Weekly excerpt to help us remember the sacred.

Awakin.org
Weekly Reading Jul 3, 2023

Pain Expands Our Capacity For Joy

–Nikole Lim

Listen to Audio Translations RSVP for Awakin Circle
2644.jpgDaily, my work requires me to delve into the hellish reality of unimaginable experiences of gross abuse. Neither words nor images can fully convey the emotional crises, psychological torment, and heart-wrenching pain that my daughters in these places have been forced to endure. When I feel like giving up under the weight of violent injustice, I am reminded of their stories. The survivors who refuse to give up, live into the new day—graciously extending themselves on behalf of others through their advocacy efforts, through their educational dreams, and through their compassion for other versions of themselves. Their shared experiences with me give me hope to also live into the new day—pursuing the vocational call toward justice once more.

In this journey of learning to love, my community of survivors taught me how. When words could not express the pain in hearts—we would sing and we would dance, we would cry and we would laugh—we would remind ourselves of the beauty we see in each other. I’ve seen that they are not defined by their past of trauma, but they are thriving through their rewritten stories—stories that are filled with audacious dreams. When given the opportunities to pursue those dreams again, we see that brokenness is not something to be hidden—but unveiled as a thing of beauty.
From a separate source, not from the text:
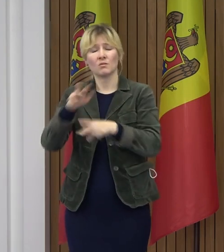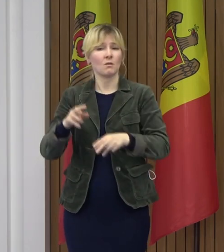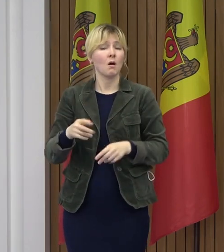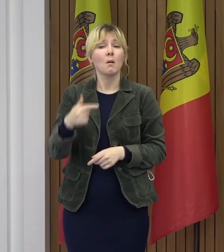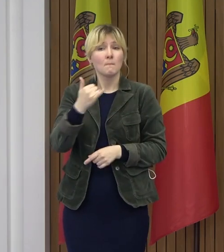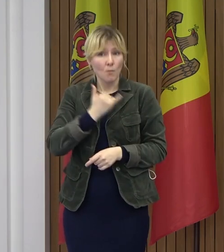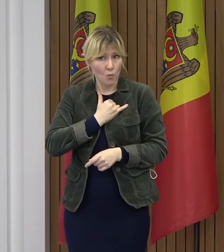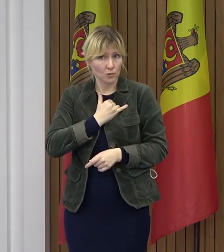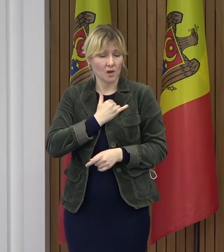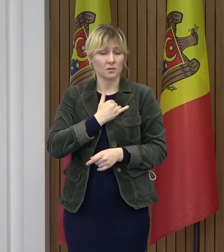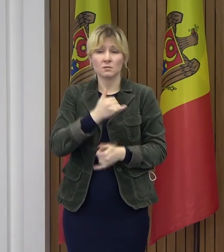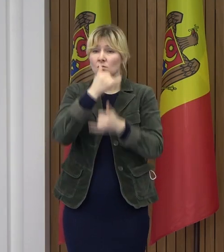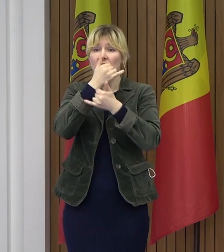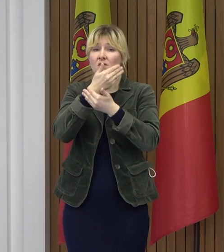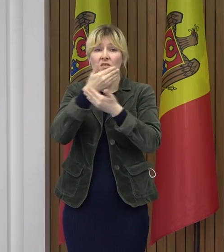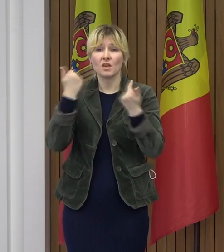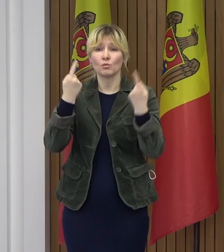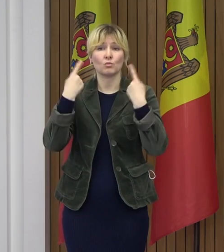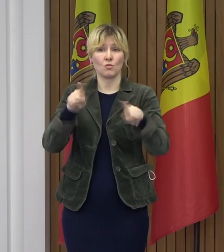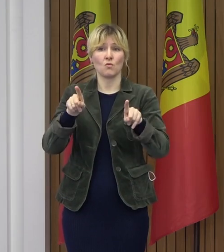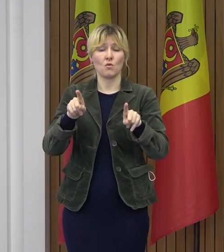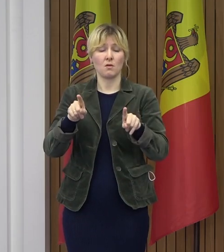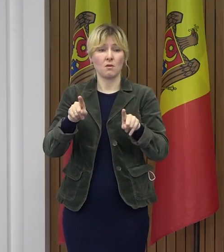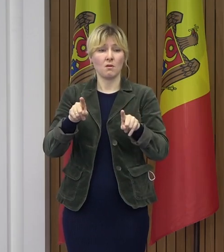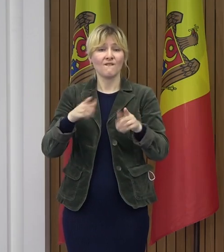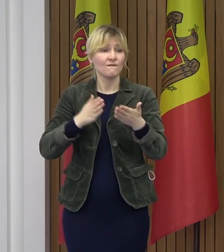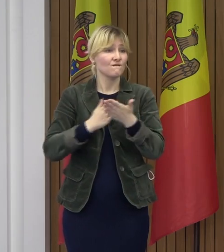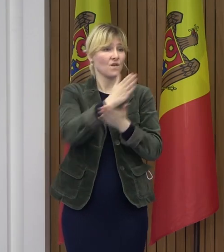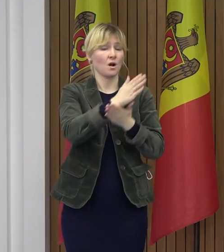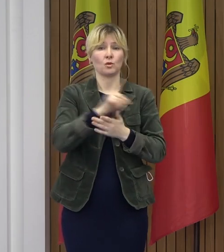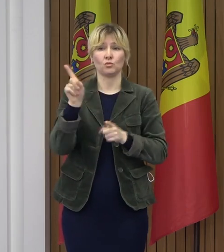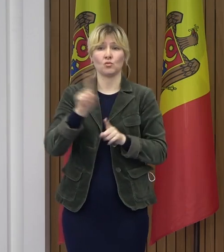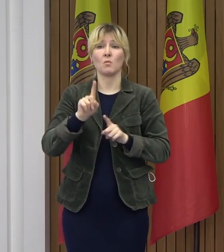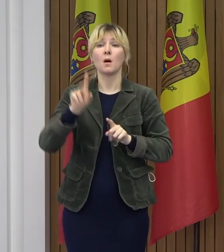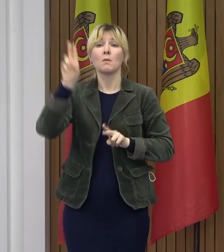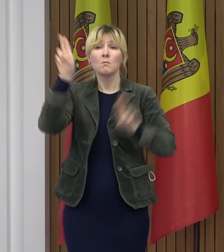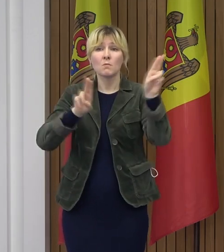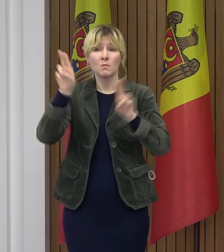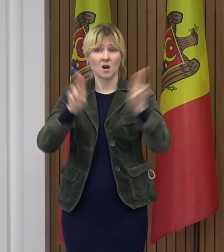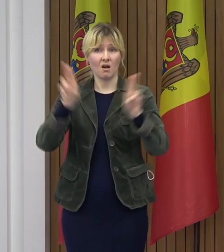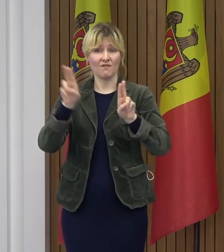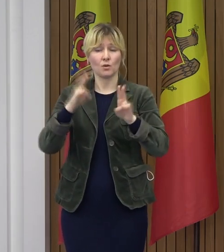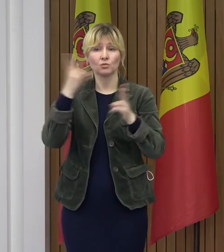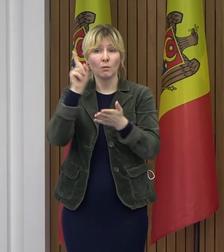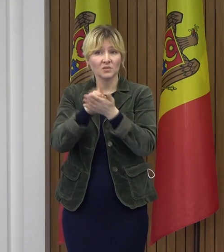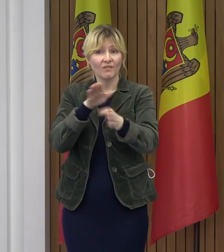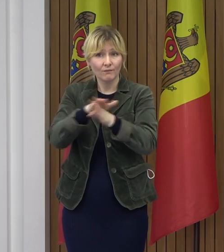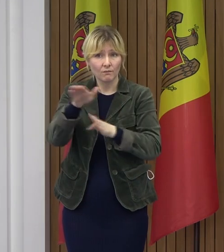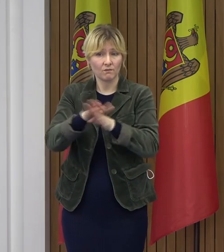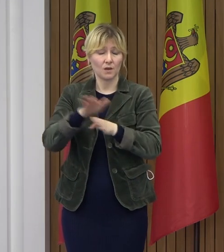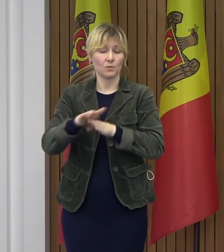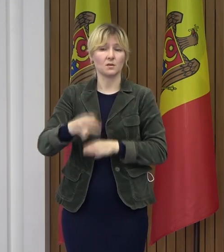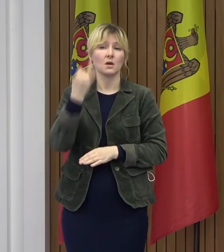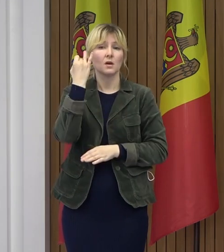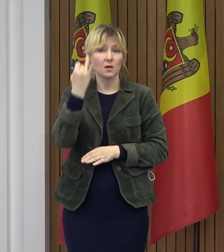depăși pandemia decât prin respectarea restricțiilor sanitare, epidemiologice,

At every juncture of grief where my spirit was cracked to the point of no return, came an experience that mended it back together—reminding me that these survivors were the leaders I’ve been waiting for. It became very clear to me that the oppressed would be the ones to lead us into liberation. Through their stories, their wisdom, through their experiences of pain and their models of love, survivors have the potential to become the most powerful leaders in our midst.

I have learned that healing is hidden in the most unexpected places—in brokenness, in pain, in despair, in suffering because that is where love’s presence is a necessity. Just as light coexists together with darkness to make a photograph visible, the juxtaposition of seemingly opposing attributes have the potential to expand the capacity of our heart.

Pain expands our capacity for joy—simultaneously deepening and elevating our heart’s potential to experience a broader spectrum of pain and joy together. Without the experience of pain, we wouldn’t know what joy could be. I never knew what it was like to laugh unrestricted until being in community with survivors who have experienced so much pain, yet were able to laugh with freedom. They taught me how to experience joy, observe beauty, embody hope, and expand in love in ways that I never knew before.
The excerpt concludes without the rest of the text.